Problem: Exactly as it appears, restate the whole listing.
▬▬▬▬▬▬
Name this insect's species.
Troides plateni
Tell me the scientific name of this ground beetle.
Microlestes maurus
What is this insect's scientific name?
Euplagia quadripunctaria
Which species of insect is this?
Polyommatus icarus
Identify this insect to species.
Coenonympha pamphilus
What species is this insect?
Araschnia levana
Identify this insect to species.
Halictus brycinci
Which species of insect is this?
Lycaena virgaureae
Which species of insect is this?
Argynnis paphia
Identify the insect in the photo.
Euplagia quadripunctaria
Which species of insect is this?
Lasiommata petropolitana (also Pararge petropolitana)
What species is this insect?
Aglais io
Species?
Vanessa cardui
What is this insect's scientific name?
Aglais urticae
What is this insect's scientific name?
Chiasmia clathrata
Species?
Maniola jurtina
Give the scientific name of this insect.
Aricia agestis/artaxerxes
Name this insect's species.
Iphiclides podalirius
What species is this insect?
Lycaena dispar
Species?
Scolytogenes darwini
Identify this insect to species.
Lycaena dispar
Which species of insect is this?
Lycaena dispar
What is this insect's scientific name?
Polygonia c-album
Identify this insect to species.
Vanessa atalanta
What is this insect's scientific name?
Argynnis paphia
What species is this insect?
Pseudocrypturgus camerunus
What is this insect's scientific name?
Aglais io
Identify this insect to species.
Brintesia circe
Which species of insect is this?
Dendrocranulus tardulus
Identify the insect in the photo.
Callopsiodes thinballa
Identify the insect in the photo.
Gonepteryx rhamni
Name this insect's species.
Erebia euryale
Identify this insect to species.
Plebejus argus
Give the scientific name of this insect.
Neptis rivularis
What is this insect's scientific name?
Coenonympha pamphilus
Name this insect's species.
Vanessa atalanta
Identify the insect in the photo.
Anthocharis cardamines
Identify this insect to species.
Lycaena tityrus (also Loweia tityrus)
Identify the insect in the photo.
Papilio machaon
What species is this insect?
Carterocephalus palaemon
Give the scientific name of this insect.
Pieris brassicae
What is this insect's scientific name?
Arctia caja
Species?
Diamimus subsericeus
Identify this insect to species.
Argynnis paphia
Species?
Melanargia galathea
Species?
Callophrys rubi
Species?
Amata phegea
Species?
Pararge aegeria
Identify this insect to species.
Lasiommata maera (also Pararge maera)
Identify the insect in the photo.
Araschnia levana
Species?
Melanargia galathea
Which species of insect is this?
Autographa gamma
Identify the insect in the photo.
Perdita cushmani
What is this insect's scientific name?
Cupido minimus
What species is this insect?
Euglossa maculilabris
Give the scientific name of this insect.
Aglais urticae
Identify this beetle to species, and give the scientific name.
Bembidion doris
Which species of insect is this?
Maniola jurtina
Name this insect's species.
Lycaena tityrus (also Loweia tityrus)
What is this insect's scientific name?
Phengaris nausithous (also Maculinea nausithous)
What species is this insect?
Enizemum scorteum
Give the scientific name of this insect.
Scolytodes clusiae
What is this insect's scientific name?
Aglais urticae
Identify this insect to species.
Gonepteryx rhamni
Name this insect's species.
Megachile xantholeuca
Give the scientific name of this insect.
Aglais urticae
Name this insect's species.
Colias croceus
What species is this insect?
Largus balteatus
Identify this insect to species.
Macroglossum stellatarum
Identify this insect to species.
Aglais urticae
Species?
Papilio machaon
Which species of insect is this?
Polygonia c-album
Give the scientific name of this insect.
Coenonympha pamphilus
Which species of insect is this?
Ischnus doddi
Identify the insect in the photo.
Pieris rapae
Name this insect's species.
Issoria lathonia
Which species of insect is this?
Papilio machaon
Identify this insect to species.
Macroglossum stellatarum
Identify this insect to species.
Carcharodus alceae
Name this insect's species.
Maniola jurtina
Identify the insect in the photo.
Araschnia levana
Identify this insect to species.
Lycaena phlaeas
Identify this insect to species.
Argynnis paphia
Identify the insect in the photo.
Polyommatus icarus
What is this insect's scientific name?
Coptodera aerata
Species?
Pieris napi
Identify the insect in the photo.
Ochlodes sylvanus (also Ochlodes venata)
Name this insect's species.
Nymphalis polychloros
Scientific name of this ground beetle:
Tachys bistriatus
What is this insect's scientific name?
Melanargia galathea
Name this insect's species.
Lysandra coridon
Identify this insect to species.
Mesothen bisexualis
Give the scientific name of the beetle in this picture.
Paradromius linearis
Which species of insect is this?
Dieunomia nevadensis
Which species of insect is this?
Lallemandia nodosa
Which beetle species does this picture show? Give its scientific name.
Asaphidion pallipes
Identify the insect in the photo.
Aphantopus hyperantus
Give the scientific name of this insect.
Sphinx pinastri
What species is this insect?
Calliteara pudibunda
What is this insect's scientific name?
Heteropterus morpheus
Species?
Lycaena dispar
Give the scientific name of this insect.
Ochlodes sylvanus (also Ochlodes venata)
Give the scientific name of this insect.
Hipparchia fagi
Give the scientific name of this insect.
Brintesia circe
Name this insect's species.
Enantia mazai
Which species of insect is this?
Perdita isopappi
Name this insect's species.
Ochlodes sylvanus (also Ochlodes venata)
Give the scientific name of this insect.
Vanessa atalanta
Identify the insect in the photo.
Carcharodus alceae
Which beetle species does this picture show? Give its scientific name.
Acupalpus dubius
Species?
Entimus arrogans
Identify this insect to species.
▬▬▬▬▬▬
Solution to this task:
Name this insect's species.
Troides plateni
Tell me the scientific name of this ground beetle.
Microlestes maurus
What is this insect's scientific name?
Euplagia quadripunctaria
Which species of insect is this?
Polyommatus icarus
Identify this insect to species.
Coenonympha pamphilus
What species is this insect?
Araschnia levana
Identify this insect to species.
Halictus brycinci
Which species of insect is this?
Lycaena virgaureae
Which species of insect is this?
Argynnis paphia
Identify the insect in the photo.
Euplagia quadripunctaria
Which species of insect is this?
Lasiommata petropolitana (also Pararge petropolitana)
What species is this insect?
Aglais io
Species?
Vanessa cardui
What is this insect's scientific name?
Aglais urticae
What is this insect's scientific name?
Chiasmia clathrata
Species?
Maniola jurtina
Give the scientific name of this insect.
Aricia agestis/artaxerxes
Name this insect's species.
Iphiclides podalirius
What species is this insect?
Lycaena dispar
Species?
Scolytogenes darwini
Identify this insect to species.
Lycaena dispar
Which species of insect is this?
Lycaena dispar
What is this insect's scientific name?
Polygonia c-album
Identify this insect to species.
Vanessa atalanta
What is this insect's scientific name?
Argynnis paphia
What species is this insect?
Pseudocrypturgus camerunus
What is this insect's scientific name?
Aglais io
Identify this insect to species.
Brintesia circe
Which species of insect is this?
Dendrocranulus tardulus
Identify the insect in the photo.
Callopsiodes thinballa
Identify the insect in the photo.
Gonepteryx rhamni
Name this insect's species.
Erebia euryale
Identify this insect to species.
Plebejus argus
Give the scientific name of this insect.
Neptis rivularis
What is this insect's scientific name?
Coenonympha pamphilus
Name this insect's species.
Vanessa atalanta
Identify the insect in the photo.
Anthocharis cardamines
Identify this insect to species.
Lycaena tityrus (also Loweia tityrus)
Identify the insect in the photo.
Papilio machaon
What species is this insect?
Carterocephalus palaemon
Give the scientific name of this insect.
Pieris brassicae
What is this insect's scientific name?
Arctia caja
Species?
Diamimus subsericeus
Identify this insect to species.
Argynnis paphia
Species?
Melanargia galathea
Species?
Callophrys rubi
Species?
Amata phegea
Species?
Pararge aegeria
Identify this insect to species.
Lasiommata maera (also Pararge maera)
Identify the insect in the photo.
Araschnia levana
Species?
Melanargia galathea
Which species of insect is this?
Autographa gamma
Identify the insect in the photo.
Perdita cushmani
What is this insect's scientific name?
Cupido minimus
What species is this insect?
Euglossa maculilabris
Give the scientific name of this insect.
Aglais urticae
Identify this beetle to species, and give the scientific name.
Bembidion doris
Which species of insect is this?
Maniola jurtina
Name this insect's species.
Lycaena tityrus (also Loweia tityrus)
What is this insect's scientific name?
Phengaris nausithous (also Maculinea nausithous)
What species is this insect?
Enizemum scorteum
Give the scientific name of this insect.
Scolytodes clusiae
What is this insect's scientific name?
Aglais urticae
Identify this insect to species.
Gonepteryx rhamni
Name this insect's species.
Megachile xantholeuca
Give the scientific name of this insect.
Aglais urticae
Name this insect's species.
Colias croceus
What species is this insect?
Largus balteatus
Identify this insect to species.
Macroglossum stellatarum
Identify this insect to species.
Aglais urticae
Species?
Papilio machaon
Which species of insect is this?
Polygonia c-album
Give the scientific name of this insect.
Coenonympha pamphilus
Which species of insect is this?
Ischnus doddi
Identify the insect in the photo.
Pieris rapae
Name this insect's species.
Issoria lathonia
Which species of insect is this?
Papilio machaon
Identify this insect to species.
Macroglossum stellatarum
Identify this insect to species.
Carcharodus alceae
Name this insect's species.
Maniola jurtina
Identify the insect in the photo.
Araschnia levana
Identify this insect to species.
Lycaena phlaeas
Identify this insect to species.
Argynnis paphia
Identify the insect in the photo.
Polyommatus icarus
What is this insect's scientific name?
Coptodera aerata
Species?
Pieris napi
Identify the insect in the photo.
Ochlodes sylvanus (also Ochlodes venata)
Name this insect's species.
Nymphalis polychloros
Scientific name of this ground beetle:
Tachys bistriatus
What is this insect's scientific name?
Melanargia galathea
Name this insect's species.
Lysandra coridon
Identify this insect to species.
Mesothen bisexualis
Give the scientific name of the beetle in this picture.
Paradromius linearis
Which species of insect is this?
Dieunomia nevadensis
Which species of insect is this?
Lallemandia nodosa
Which beetle species does this picture show? Give its scientific name.
Asaphidion pallipes
Identify the insect in the photo.
Aphantopus hyperantus
Give the scientific name of this insect.
Sphinx pinastri
What species is this insect?
Calliteara pudibunda
What is this insect's scientific name?
Heteropterus morpheus
Species?
Lycaena dispar
Give the scientific name of this insect.
Ochlodes sylvanus (also Ochlodes venata)
Give the scientific name of this insect.
Hipparchia fagi
Give the scientific name of this insect.
Brintesia circe
Name this insect's species.
Enantia mazai
Which species of insect is this?
Perdita isopappi
Name this insect's species.
Ochlodes sylvanus (also Ochlodes venata)
Give the scientific name of this insect.
Vanessa atalanta
Identify the insect in the photo.
Carcharodus alceae
Which beetle species does this picture show? Give its scientific name.
Acupalpus dubius
Species?
Entimus arrogans
Identify this insect to species.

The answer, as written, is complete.